━━ EXTRACTED DATA ━━

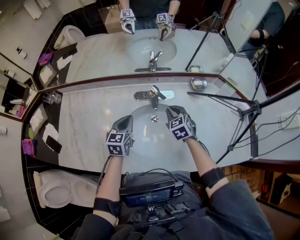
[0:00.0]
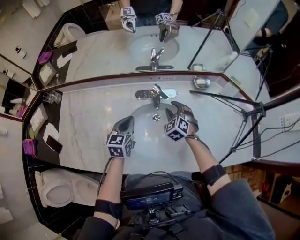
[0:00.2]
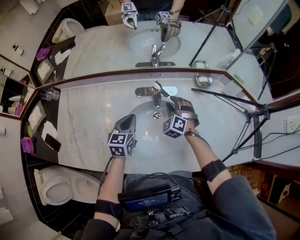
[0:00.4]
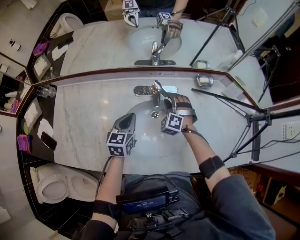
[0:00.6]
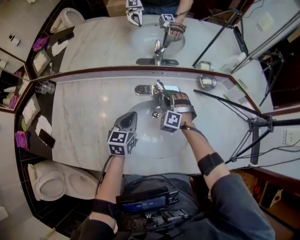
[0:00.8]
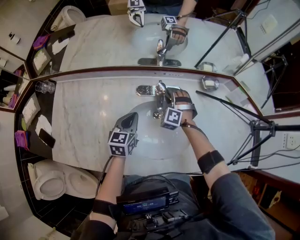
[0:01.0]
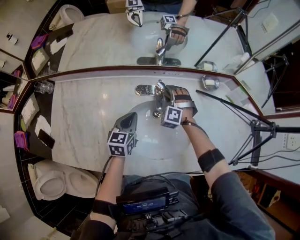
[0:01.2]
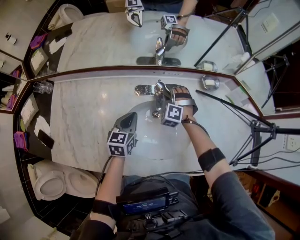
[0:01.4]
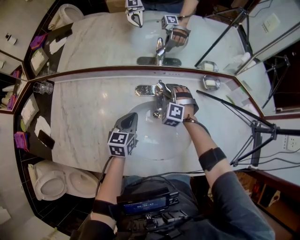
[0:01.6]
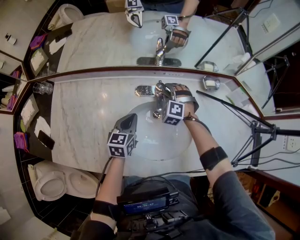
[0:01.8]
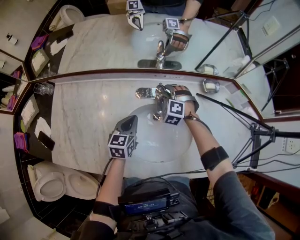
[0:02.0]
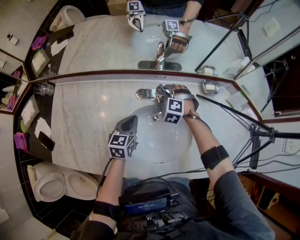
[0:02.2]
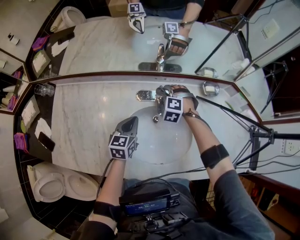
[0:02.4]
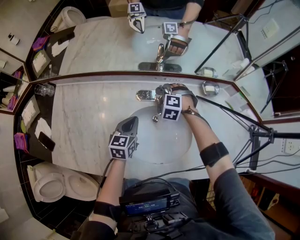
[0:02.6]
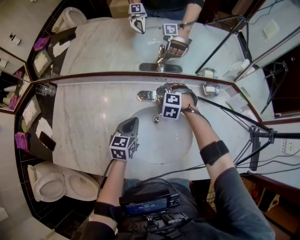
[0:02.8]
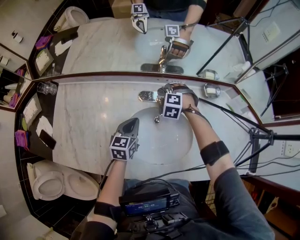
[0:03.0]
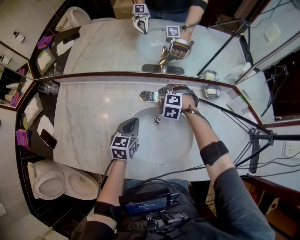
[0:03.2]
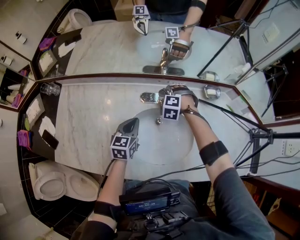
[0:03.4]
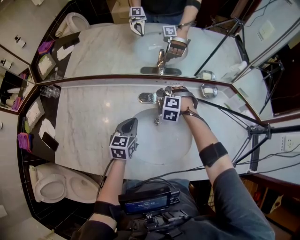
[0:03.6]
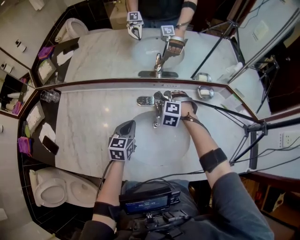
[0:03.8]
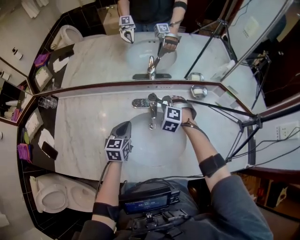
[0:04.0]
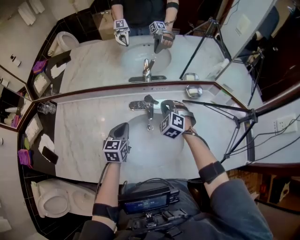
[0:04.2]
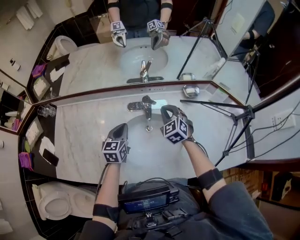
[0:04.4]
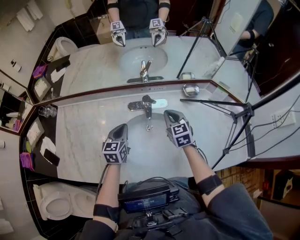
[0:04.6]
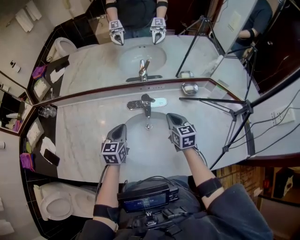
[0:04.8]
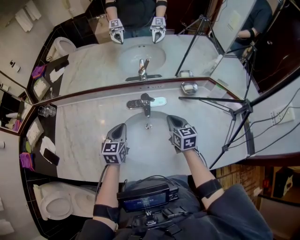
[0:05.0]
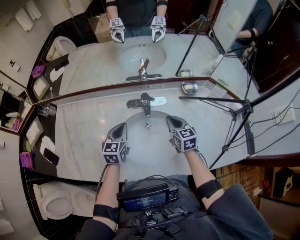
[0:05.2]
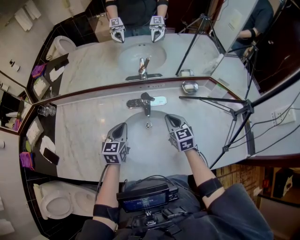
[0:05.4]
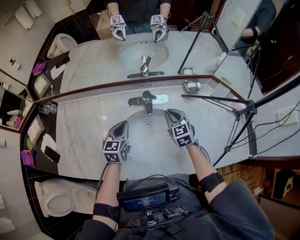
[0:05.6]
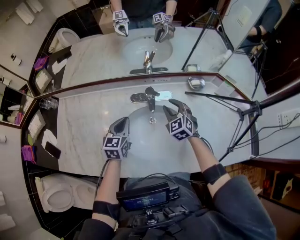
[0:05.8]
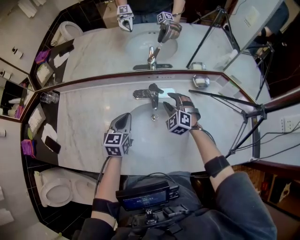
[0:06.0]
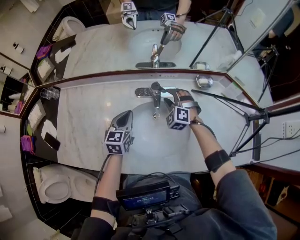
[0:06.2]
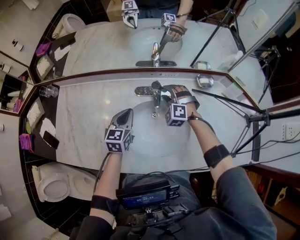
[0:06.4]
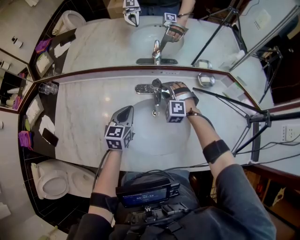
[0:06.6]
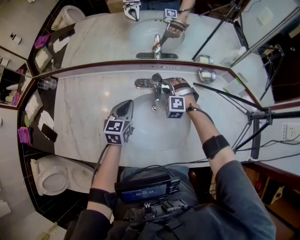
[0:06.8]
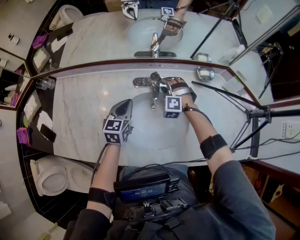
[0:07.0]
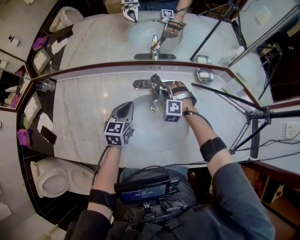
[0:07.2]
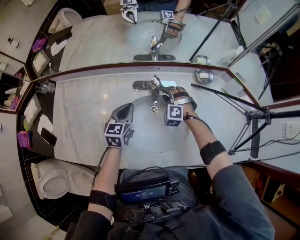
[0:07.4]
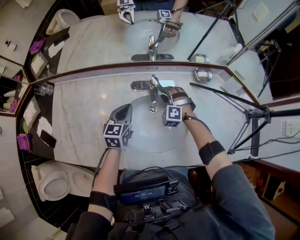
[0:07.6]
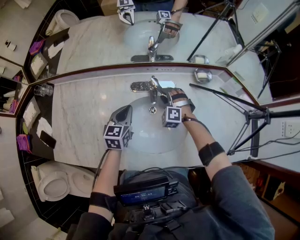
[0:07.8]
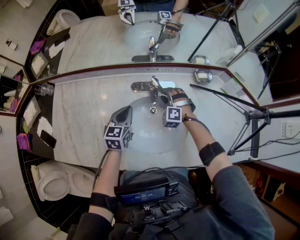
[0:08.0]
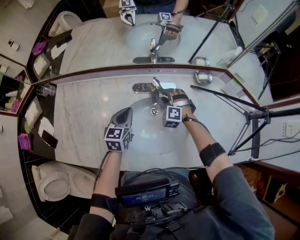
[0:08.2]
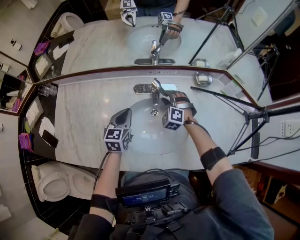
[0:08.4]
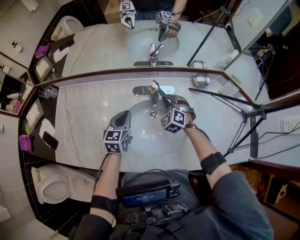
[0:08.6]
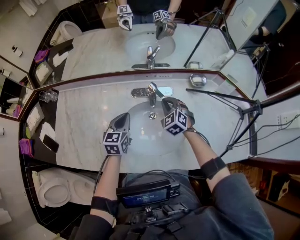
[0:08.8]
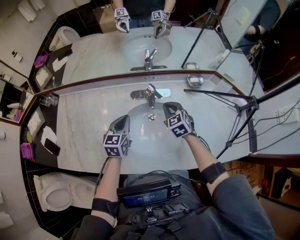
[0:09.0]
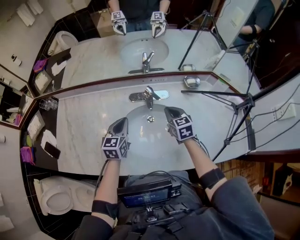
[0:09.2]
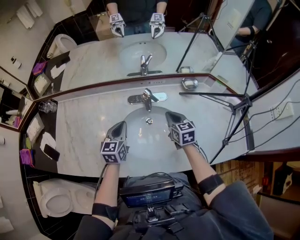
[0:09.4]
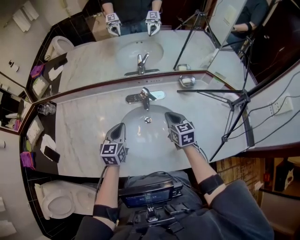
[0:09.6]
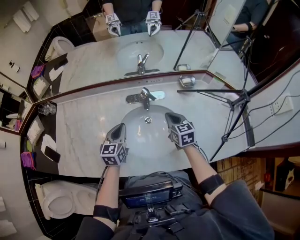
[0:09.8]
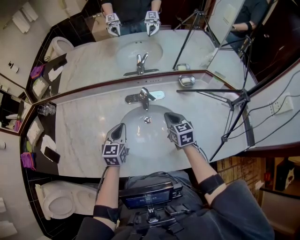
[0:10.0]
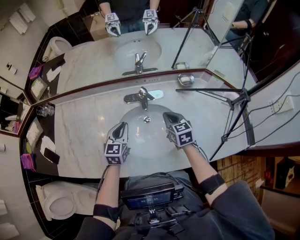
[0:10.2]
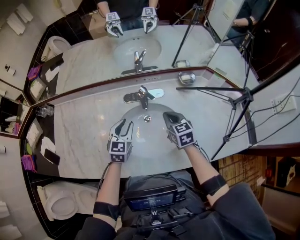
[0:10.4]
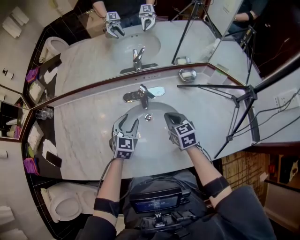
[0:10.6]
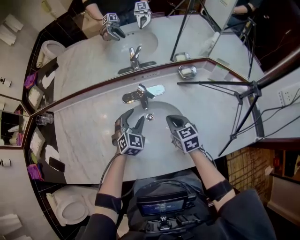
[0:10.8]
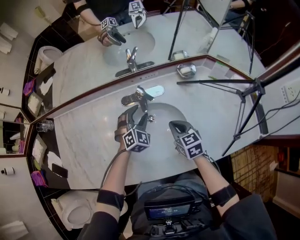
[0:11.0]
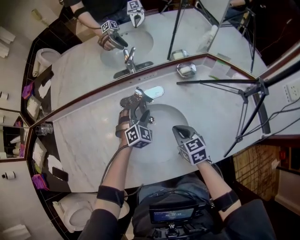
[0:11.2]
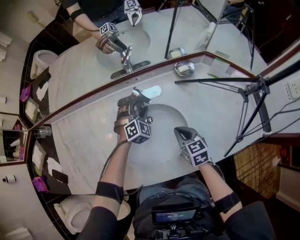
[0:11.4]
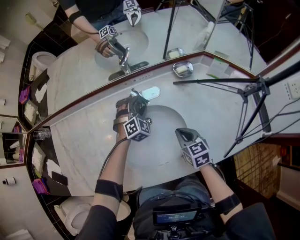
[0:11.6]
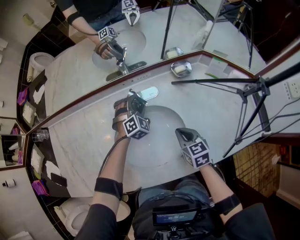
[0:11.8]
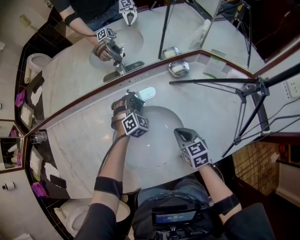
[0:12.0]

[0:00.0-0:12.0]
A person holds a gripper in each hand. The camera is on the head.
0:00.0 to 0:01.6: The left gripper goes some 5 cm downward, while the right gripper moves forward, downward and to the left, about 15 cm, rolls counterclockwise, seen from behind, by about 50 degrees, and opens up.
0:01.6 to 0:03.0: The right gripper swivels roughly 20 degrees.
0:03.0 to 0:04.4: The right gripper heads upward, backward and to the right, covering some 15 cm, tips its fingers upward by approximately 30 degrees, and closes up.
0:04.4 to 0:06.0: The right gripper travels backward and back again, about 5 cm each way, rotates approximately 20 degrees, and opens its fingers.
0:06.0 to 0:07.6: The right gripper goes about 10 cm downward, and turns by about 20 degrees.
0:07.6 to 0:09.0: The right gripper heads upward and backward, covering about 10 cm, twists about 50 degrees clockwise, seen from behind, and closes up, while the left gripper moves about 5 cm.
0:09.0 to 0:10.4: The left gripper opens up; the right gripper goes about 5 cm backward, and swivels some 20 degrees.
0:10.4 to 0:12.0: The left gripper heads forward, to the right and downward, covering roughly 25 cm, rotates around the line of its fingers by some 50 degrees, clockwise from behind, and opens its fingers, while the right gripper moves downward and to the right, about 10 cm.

━━━

## [YOUR INSTRUCTIONS]
Please transcribe all of the entries exactly and omit any picture they hold.

## [ANSWER SPACE]
[0:00.0]
[0:00.2]
[0:00.4]
[0:00.6]
[0:00.8]
[0:01.0]
[0:01.2]
[0:01.4]
[0:01.6]
[0:01.8]
[0:02.0]
[0:02.2]
[0:02.4]
[0:02.6]
[0:02.8]
[0:03.0]
[0:03.2]
[0:03.4]
[0:03.6]
[0:03.8]
[0:04.0]
[0:04.2]
[0:04.4]
[0:04.6]
[0:04.8]
[0:05.0]
[0:05.2]
[0:05.4]
[0:05.6]
[0:05.8]
[0:06.0]
[0:06.2]
[0:06.4]
[0:06.6]
[0:06.8]
[0:07.0]
[0:07.2]
[0:07.4]
[0:07.6]
[0:07.8]
[0:08.0]
[0:08.2]
[0:08.4]
[0:08.6]
[0:08.8]
[0:09.0]
[0:09.2]
[0:09.4]
[0:09.6]
[0:09.8]
[0:10.0]
[0:10.2]
[0:10.4]
[0:10.6]
[0:10.8]
[0:11.0]
[0:11.2]
[0:11.4]
[0:11.6]
[0:11.8]
[0:12.0]

[0:00.0-0:12.0]
A person holds a gripper in each hand. The camera is on the head.
0:00.0 to 0:01.6: The left gripper goes some 5 cm downward, while the right gripper moves forward, downward and to the left, about 15 cm, rolls counterclockwise, seen from behind, by about 50 degrees, and opens up.
0:01.6 to 0:03.0: The right gripper swivels roughly 20 degrees.
0:03.0 to 0:04.4: The right gripper heads upward, backward and to the right, covering some 15 cm, tips its fingers upward by approximately 30 degrees, and closes up.
0:04.4 to 0:06.0: The right gripper travels backward and back again, about 5 cm each way, rotates approximately 20 degrees, and opens its fingers.
0:06.0 to 0:07.6: The right gripper goes about 10 cm downward, and turns by about 20 degrees.
0:07.6 to 0:09.0: The right gripper heads upward and backward, covering about 10 cm, twists about 50 degrees clockwise, seen from behind, and closes up, while the left gripper moves about 5 cm.
0:09.0 to 0:10.4: The left gripper opens up; the right gripper goes about 5 cm backward, and swivels some 20 degrees.
0:10.4 to 0:12.0: The left gripper heads forward, to the right and downward, covering roughly 25 cm, rotates around the line of its fingers by some 50 degrees, clockwise from behind, and opens its fingers, while the right gripper moves downward and to the right, about 10 cm.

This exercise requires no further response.